Мы ехали по поверхности замерзшего моря минут десять или около того, и наконец Харви приказал: «Веем выйти». Стояла непроглядная ночь. Лед слегка фосфоресцировал, и в холодном воздухе тянуло запахом гниющих водорослей. Харви подключил к стоящему на крыше кронштейну с лампочками две батарейки и проверил соединение. Лампочки вспыхнули, но бумажные колпачки не позволяли заметить их с берега. Мне показалось, что с юго-западной стороны я вижу свечение Порккалы, ибо тут берег уходил к югу, но Сигне решила, что до нее слишком далеко. С помощью маленького флюгера Харви проверил силу ветра и переместил «фольксваген» так, чтобы огоньки указывали пилоту его направление. Два светильника он потушил, дабы летчик имел представление о силе ветра у земли.

Ральф Пайк спросил у Харви, можно ли закурить. Я понимал, в каком он сейчас состоянии, ибо в подобных операциях нервы предельно напряжены и ты до такой степени зависишь от организатора, что, кажется, даже дышишь лишь с его разрешения.

— Последнюю сигару на прощание. — Ральф ни к кому не обращался, и никто ему не ответил.

Харви посмотрел на часы.

— Время. Готовьтесь.

Я заметил, что Харви забыл о своем решении не дать Пайку присмотреться к нему и все время держался рядом с ним. Харви вытащил из машины брезентовый мешок, в который Ральф, плотно свернув, засунул свое пальто. Другой конец длинной веревки, затянувшей горловину мешка, был привязан к поясу его комбинезона, спецодежды довольно сложной конструкции, с массой молний. Под мышкой у Пайка висели кожаные ножны с длинным лезвием в них. Ральф снял шапку и засунул ее за пазуху, после чего туго затянул молнию до самой шеи. Харви вручил ему шлем с резиновыми прокладками, который используют парашютисты во время тренировочных прыжков. Осмотрев Пайка со всех сторон, он потрепал его по плечу и заверил:

— Все будет в порядке. — Казалось, он успокаивает самого себя. Убедившись, что пока все идет так, как и предполагалось, он вытащил из машины сумку «Пан-Ам» и порылся в ней. — Я получил указание вручить вам вот это, — как бы нехотя произнес Харви, но не думаю, что он действительно испытывал какие-то эмоции — просто стремился все делать строго по инструкции.

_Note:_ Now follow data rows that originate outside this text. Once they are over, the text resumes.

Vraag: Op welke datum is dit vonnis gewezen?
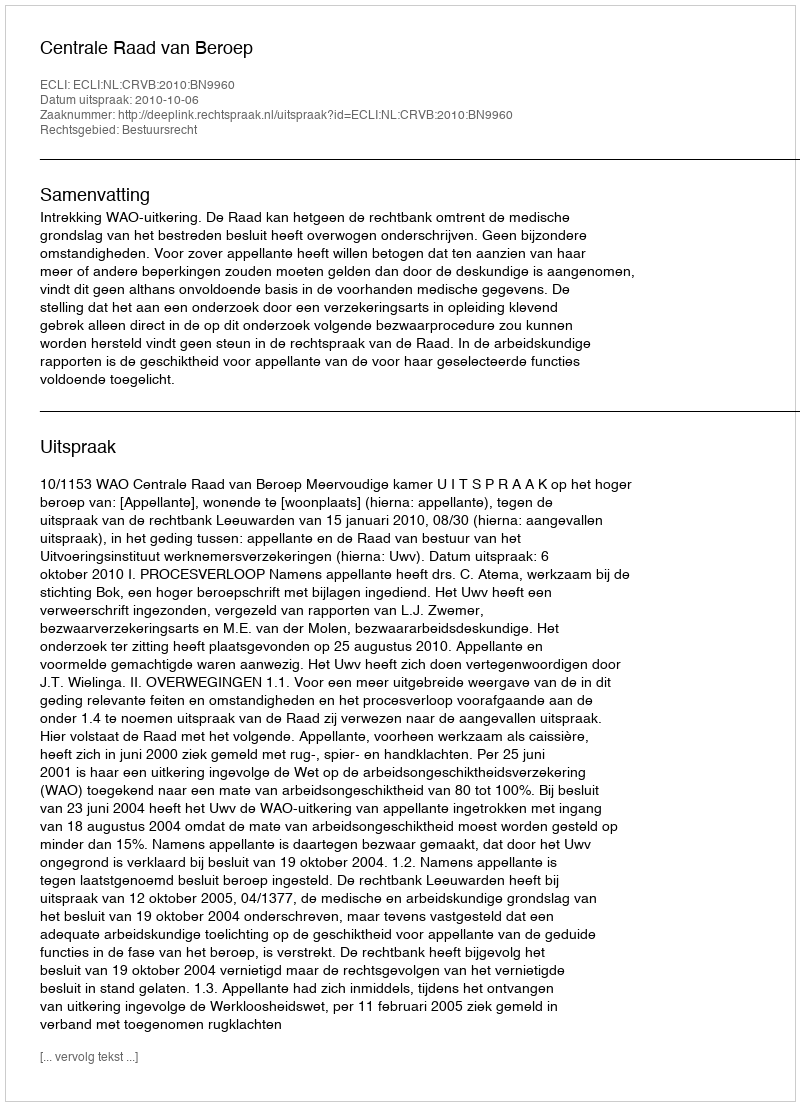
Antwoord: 2010-10-06
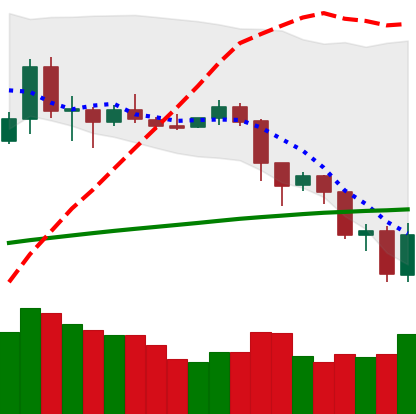
Ticker: LTC-USD
Chart end date: 2019-07-17
Forward return: 6.243%
Label: up_5_7
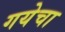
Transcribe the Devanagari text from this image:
गयेचा
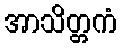
အာသိတ္တကံ
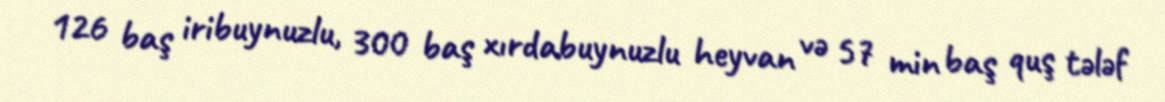
126 baş iribuynuzlu, 300 baş xırdabuynuzlu heyvan və 57 min baş quş tələf
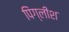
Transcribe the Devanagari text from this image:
पिंग्लीश
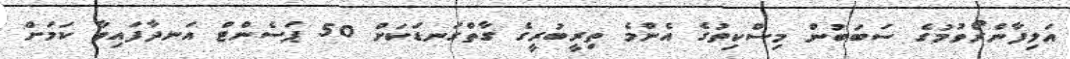
އަލިފާންރޯވުމުގެ ސަބަބުން މިސްކިތުގެ އެންމެ ތިރީބުރީގެ ގާތްގަނޑަކަށް 50 ޕަސެންޓް އަނދާފައިވާ ކަމަށް
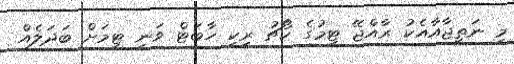
މި ނަތީޖާއާއެކު ރާއްޖޭ ޓީމުގެ ކޯޗު ރިކީ ހާބަޓް ވަނީ ޓިމަށް ބަދަލެއް
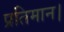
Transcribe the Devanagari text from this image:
प्रतिमान।
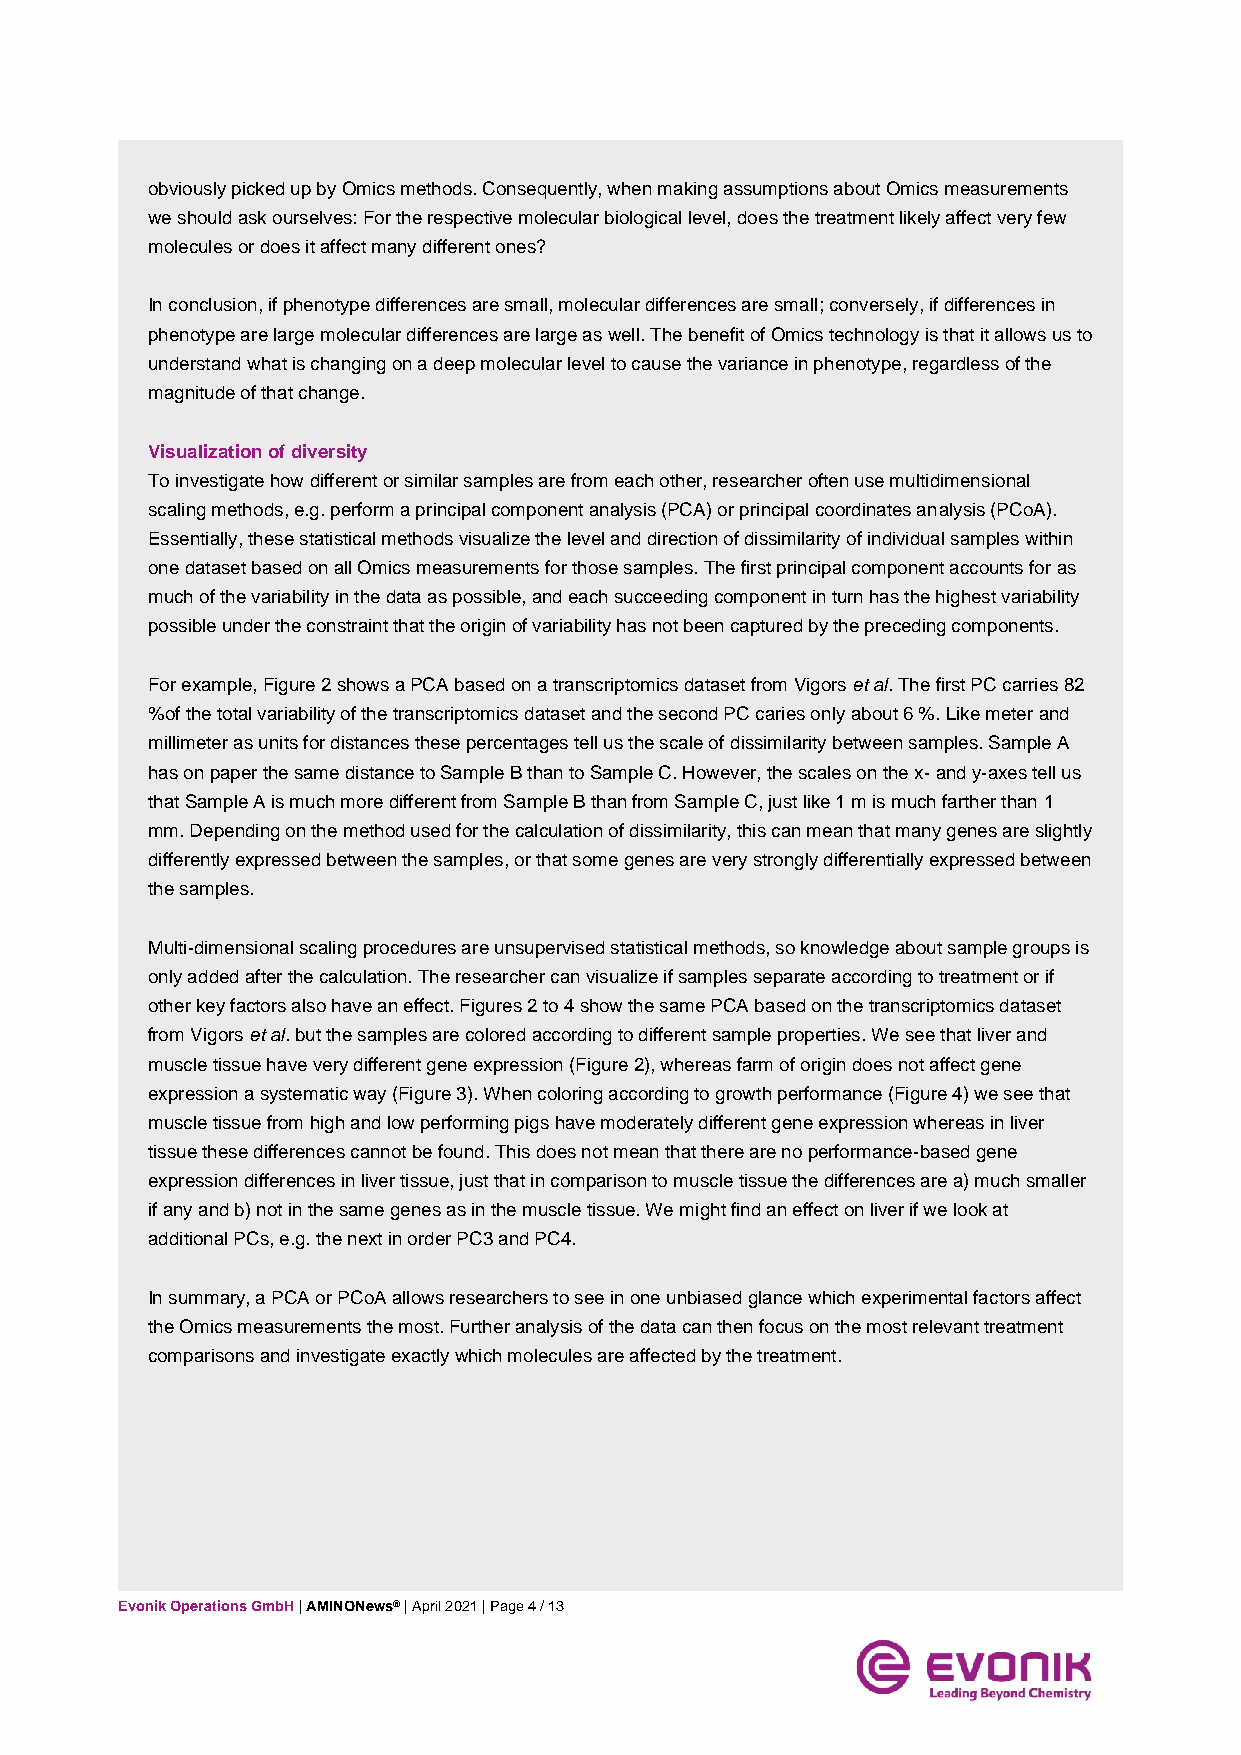
obviously picked up by Omics methods. Consequently, when making assumptions about Omics measurements
 we should ask ourselves: For the respective molecular biological level, does the treatment likely affect very few
 molecules or does it affect many different ones?
 In conclusion, if phenotype differences are small, molecular differences are small; conversely, if differences in
 phenotype are large molecular differences are large as well. The benefit of Omics technology is that it allows us to
 understand what is changing on a deep molecular level to cause the variance in phenotype, regardless of the
 magnitude of that change.
 Visualization of diversity
 To investigate how different or similar samples are from each other, researcher often use multidimensional
 scaling methods, e.g. perform a principal component analysis (PCA) or principal coordinates analysis (PCoA).
 Essentially, these statistical methods visualize the level and direction of dissimilarity of individual samples within
 one dataset based on all Omics measurements for those samples. The first principal component accounts for as
 much of the variability in the data as possible, and each succeeding component in turn has the highest variability
 possible under the constraint that the origin of variability has not been captured by the preceding components.
 For example, Figure 2 shows a PCA based on a transcriptomics dataset from Vigors et al. The first PC carries 82
 %of the total variability of the transcriptomics dataset and the second PC caries only about 6 %. Like meter and
 millimeter as units for distances these percentages tell us the scale of dissimilarity between samples. Sample A
 has on paper the same distance to Sample B than to Sample C. However, the scales on the x- and y-axes tell us
 that Sample A is much more different from Sample B than from Sample C, just like 1 m is much farther than 1
 mm. Depending on the method used for the calculation of dissimilarity, this can mean that many genes are slightly
 differently expressed between the samples, or that some genes are very strongly differentially expressed between
 the samples.
 Multi-dimensional scaling procedures are unsupervised statistical methods, so knowledge about sample groups is
 only added after the calculation. The researcher can visualize if samples separate according to treatment or if
 other key factors also have an effect. Figures 2 to 4 show the same PCA based on the transcriptomics dataset
 from Vigors et al. but the samples are colored according to different sample properties. We see that liver and
 muscle tissue have very different gene expression (Figure 2), whereas farm of origin does not affect gene
 expression a systematic way (Figure 3). When coloring according to growth performance (Figure 4) we see that
 muscle tissue from high and low performing pigs have moderately different gene expression whereas in liver
 tissue these differences cannot be found. This does not mean that there are no performance-based gene
 expression differences in liver tissue, just that in comparison to muscle tissue the differences are a) much smaller
 if any and b) not in the same genes as in the muscle tissue. We might find an effect on liver if we look at
 additional PCs, e.g. the next in order PC3 and PC4.
 In summary, a PCA or PCoA allows researchers to see in one unbiased glance which experimental factors affect
 the Omics measurements the most. Further analysis of the data can then focus on the most relevant treatment
 comparisons and investigate exactly which molecules are affected by the treatment.
 Evonik Operations GmbH | AMINONews® | April 2021 | Page 4 / 13
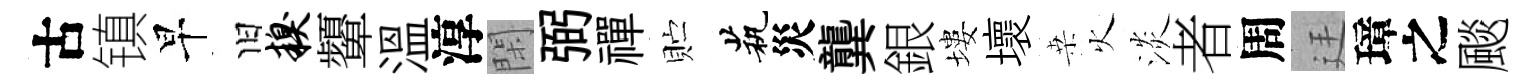
古镇早旧糗顰温淳閑弼禪贮茕災龔銀塿壞桒火淡者周廷璋之颷
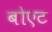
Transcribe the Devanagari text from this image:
बोएट
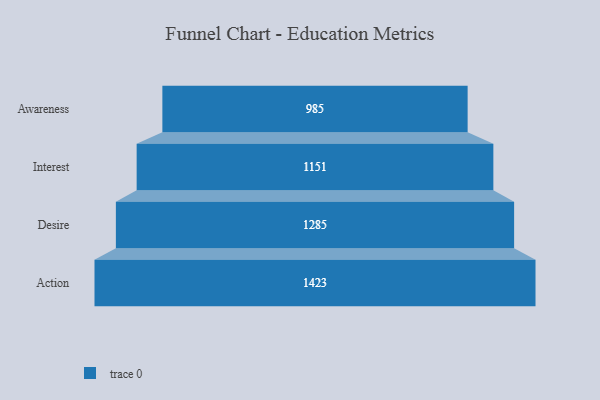
{"axis": {"x": "Stage", "y": "Value"}, "legend": [""], "data": [{"x": "Awareness", "y": 985.0, "type": ""}, {"x": "Interest", "y": 1151.0, "type": ""}, {"x": "Desire", "y": 1285.0, "type": ""}, {"x": "Action", "y": 1423.0, "type": ""}]}
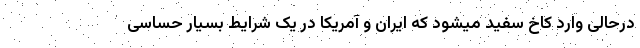
درحالی وارد کاخ سفید میشود که ایران و آمریکا در یک شرایط بسیار حساسی
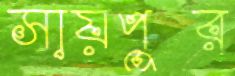
সায়পুর
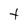
Character: t
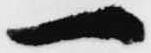
一
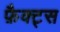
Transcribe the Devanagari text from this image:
फ़ैक्ट्स
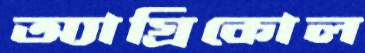
অ্যাগ্রিকোল
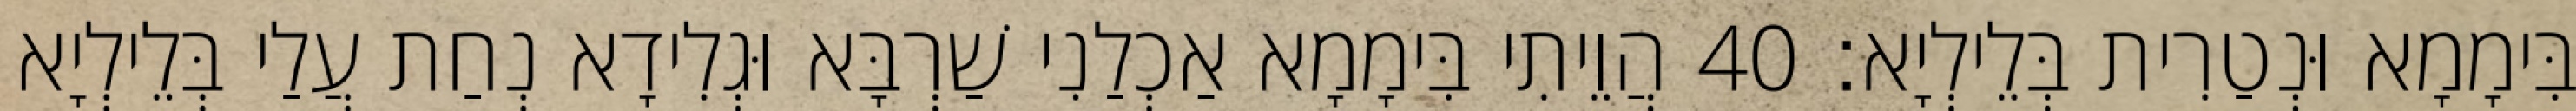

Первым делом он протянул Пайку пачку русских бумажных денег, чуть потолще, чем стопка визитных карточек, и несколько звякнувших монет. Я слышал его слова:

— Золотые луидоры, не разбрасывайтесь ими.

— Я вообще не разбрасываюсь, — сердито сказал Пайк.

Харви всего лишь кивнул и вытянул шелковый шарф, демонстрируя напечатанную на нем карту. Мне пришло в голову, что шелк будет несколько бросаться в глаза в России, но моего мнения никто не спрашивал. Затем Харви вручил Пайку призматический компас, сделанный в виде старинных часов-луковицы (вместе с маркированной цепочкой, которой можно измерять расстояние на карте), после чего они приступили к проверке наличия всех документов.

— Военная книжка.

— Есть.

— Паспорт.

— Есть.

— Пропуск в погранзону.

— Есть.

— Трудовая книжка.

— Есть.

Харви вытащил из нагрудного кармана еще два предмета. Первым оказалась пластиковая авторучка. Харви вручил ее Пайку для осмотра.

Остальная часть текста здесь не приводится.